TASK DATA

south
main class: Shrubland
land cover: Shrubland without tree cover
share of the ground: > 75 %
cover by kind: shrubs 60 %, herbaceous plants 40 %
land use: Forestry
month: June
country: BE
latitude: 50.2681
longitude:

INSTRUCTIONS FOR THE TASK
What should come out is the exact run of lines from the one holding "main class: Shrubland" through the end of the records above, and nothing besides.

RESPONSE TO THIS EXERCISE
main class: Shrubland
land cover: Shrubland without tree cover
share of the ground: > 75 %
cover by kind: shrubs 60 %, herbaceous plants 40 %
land use: Forestry
month: June
country: BE
latitude: 50.2681
longitude:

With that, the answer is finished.